Last week, the Alphabet-owned research lab DeepMind announced that it is making AlphaFold 2.0 source code public. This AI-based algorithm predicts the shape of proteins, a major challenge in the healthcare and life sciences field. With this decision, DeepMind hopes to offer easy access and better research opportunities to the scientific community in areas such as drug discovery.
Proteins consist of amino acids and are the building blocks of tissues, muscles, hair, antibodies, and other enzymes. They underpin every biological process ever known to us. Each protein has an intricate 3D shape that defines what it does and how it works. However, deducing the structure of proteins is a very tedious, tricky and time-consuming task. Existing methods, such as X-ray crystallography, Nuclear Magnetic Resonance spectroscopy, or cryogenic electron microscopy, cost millions of dollars and employ a laborious trial and error approach.
In 2016, DeepMind began to tackle the protein folding problem by leveraging artificial intelligence. In 2018, AlphaFold 1.0 was released, though it wasn’t good enough to employ researchers in the field. After further research, AlphaFold 2.0 was released in December 2020 and the algorithm has been making waves ever since.
Sign up for your weekly dose of what's up in emerging technology.
It is an upgrade over the previous version. It is composed of a system of subnetworks integrated into a single differentiable end-to-end model based on pattern recognition and trained to function as an integrated platform.
This algorithm is a neural net, quite similar to the one used for image recognition. The input in the algorithm is the information about protein sequences. First, this model estimates the distance between every single residue in the protein structure.
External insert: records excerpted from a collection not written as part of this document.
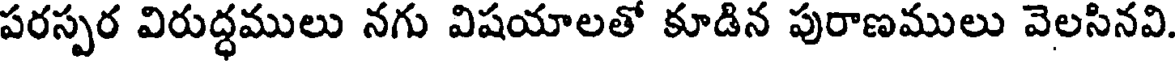
పరస్పర విరుద్ధములు నగు విషయాలతో కూడిన పురాణములు వెలసినవి
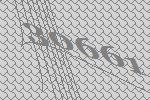
30661
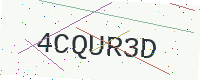
Text: 4CQUR3D
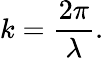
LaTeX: k={\frac{2\pi}{\lambda}}.
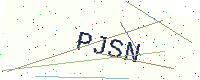
Text: PJSN
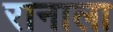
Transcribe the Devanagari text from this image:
रानाला
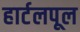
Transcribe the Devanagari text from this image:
हार्टलपूल
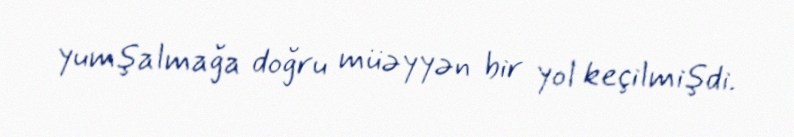
yumşalmağa doğru müəyyən bir yol keçilmişdi.
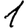
Digit: 1
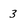
Character: 3
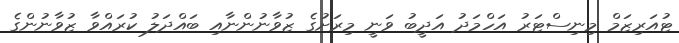
ޓުއަރިޒަމް މިނިސްޓަރު އަހްމަދު އަދީބު ވަނީ މިރަށުގެ ޒުވާނުންނާއި ބައްދަލު ކުރައްވާ ޒުވާނުންގެ
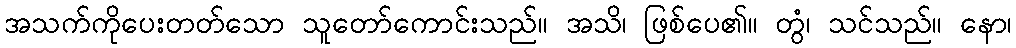
အသက်ကိုပေးတတ်သော သူတော်ကောင်းသည်။ အသိ၊ ဖြစ်ပေ၏။ တွံ၊ သင်သည်။ နော၊
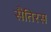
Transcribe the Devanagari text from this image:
सैतिरस
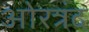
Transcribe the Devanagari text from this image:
ओरत्रंद
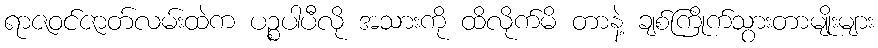
ရာဇဝင်ဇာတ်လမ်းထဲက ပဉ္စပါပီလို အသားကို ထိလိုက်မိ တာနဲ့ ချစ်ကြိုက်သွားတာမျိုးများ
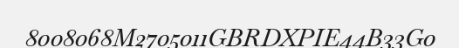
8008068M2705011GBRDXPIE44B33G0
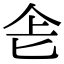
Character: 𠤒
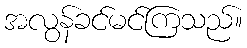
အလွန်ခင်မင်ကြသည်။
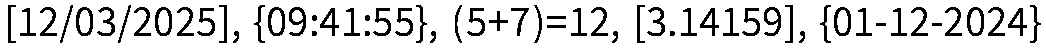
[12/03/2025], {09:41:55}, (5+7)=12, [3.14159], {01-12-2024}
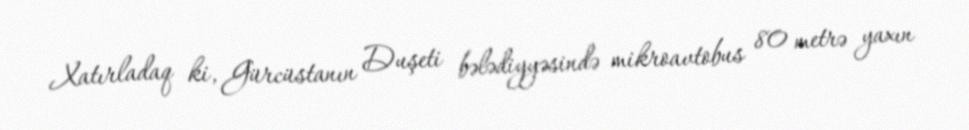
Xatırladaq ki, Gürcüstanın Duşeti bələdiyyəsində mikroavtobus 80 metrə yaxın
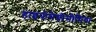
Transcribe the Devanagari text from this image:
हाइपोमैग्नीसीमिया
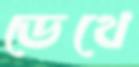
ডেথে
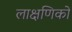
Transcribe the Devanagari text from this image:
लाक्षणिकों
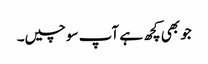
جو بھی کچھ ہے آپ سوچیں۔
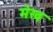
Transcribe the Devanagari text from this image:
मेख

This distance data on every such protein collected is then parsed through a smooth gradient technique, which folds the protein into a structure compatible with the distance measured in the previous step. Finally, the algorithm combines all distance predictions with the Rosetta energy function to redefine the final structure.
Open-sourcing AlphaFold 2.0
From diagnosing fatal diseases to drug discovery, the knowledge of a protein structure will enable us to tackle problems previously thought impossible. Predicting protein structure could be useful in future pandemic response efforts as well. Protein structure predictions could also contribute to understanding specific diseases with a small number of specialist groups. In the future, unlocking protein shapes could help scientists better understand the natural world and perhaps expand existing knowledge of life itself.
DeepMind has a reputation for being secretive about its work. But when it described AlphaFold 2 in a brief presentation at CASP last year, it promised that it would soon publish the paper outlining the details of the project. David Baker, whose team developed the RoseTTaFold, expressed his frustration at this apparent secrecy of DeepMind. He said, “Among academics, there was a fair amount of doom and gloom. If someone has solved the problem you’re working on but doesn’t disclose how they did it, how do you continue working on it?”
These concerns are put to rest with DeepMind’s decision to open-source AlphaFold 2.0. As per AlphaFold researcher John Jumper, the open-source version is 16 times faster and can generate structures in minutes to hours, depending on protein’s size.
Although the source code is freely available now, it may not be useful for researchers without technical expertise. Pushmeet Kohli, the head of AI for science at DeepMind, has collaborated with select organisations and researchers to predict specific targets and broaden access.
AlphaFold & RoseTTAFold
Inspired by AlphaFold 2.0, a team of researchers from the University of Washington created an alternative open-source model RoseTTAFold. The team claimed that their model achieved similar results as AlphaFold 2.0, under lower computational costs. Soon after, DeepMind published a new paper in Nature magazine giving the details behind the AlphaFold 2.0 model and also open-sourcing the code.
Two ground-breaking algorithms about the same problem in the span of a single week don’t feel like just a coincidence. Besides the speculation, we can’t ignore that some competition has definitely benefited the research community.